By TreyS (registered) | Posted February 12, 2012 at 22:03:47
I'd like you to post Ward by Ward census, not census tracts. From 1991, 1996, 2001, 2006, 2011. And show me how how Wards 1,2,3,4,5 are not consistently losing populations. You can pick and chose a few census tracks whereby one apartment building makes a % difference. Wards, 1, 2, 3, 4, 5 are losing population. There are a few people around town that claim we can;t compare our proposed LRT to Buffalo's failed LRT because Buffalo was/is losing population. We are also.

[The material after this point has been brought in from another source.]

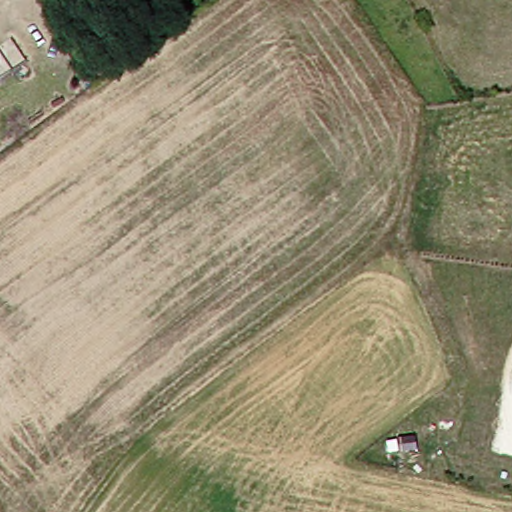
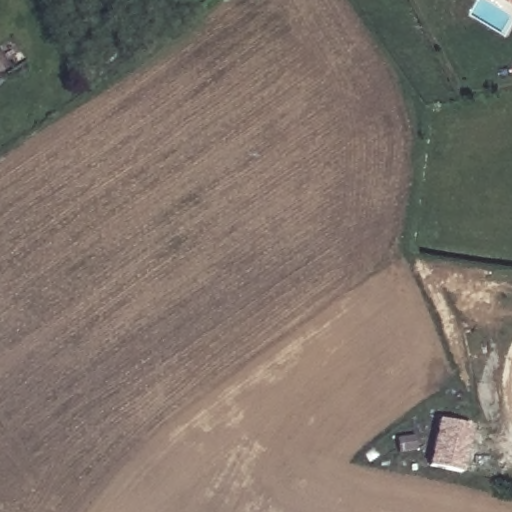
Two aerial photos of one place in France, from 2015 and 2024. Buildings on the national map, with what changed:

LRT needs to have a stronger argument than that. If we get called on it, Buffalo's argument will sink us. It has to go back to the Places to Grow Act. Apparently Hamilton, which was identified as a Places to Grow, specifically the lower city, is losing population. How so? I though we were a growth area? What's wrong? No Jobs? Poverty? Crime? No schools? No development? So how is it wrong that the PanAm Stadium gets built in an area that needs all that?? And cannot be considered 'city building'. It absolutely is City building.
It's convenient to pick a few census tracks, but the LRT decision makers are going to look at Wards, population trends as a whole. Not a few select CTs. Look at those CT numbers and clearly downtown is in a state of at best status quo. The world grew to 7 billion, Canada grew % more than any G8, but Hamilton?.... a void. Hamilton is situated in the heartland of the fastest growing G8 Nation, but barely makes growth. What's wrong? We actually grew less than the national average, and provincial average. not only that, the core of our city, the lower city, SHRUNK.
Something is clearly wrong in Dodge.
By Fred Street (anonymous) | Posted February 13, 2012 at 13:17:09
A more comprehensive treatment is up at:
http://raisethehammer.org/article/1541/2011_census_population_data_by_ward
My interest was simply in dedicated areas, which is why I dodn't go whole-hog.
For all the bold talk about downtown resurgence -- and I love downtown more than most -- what the numbers suggest is that we've been in a holding pattern since amalgamation.
There's a pinhole in the lower city balloon.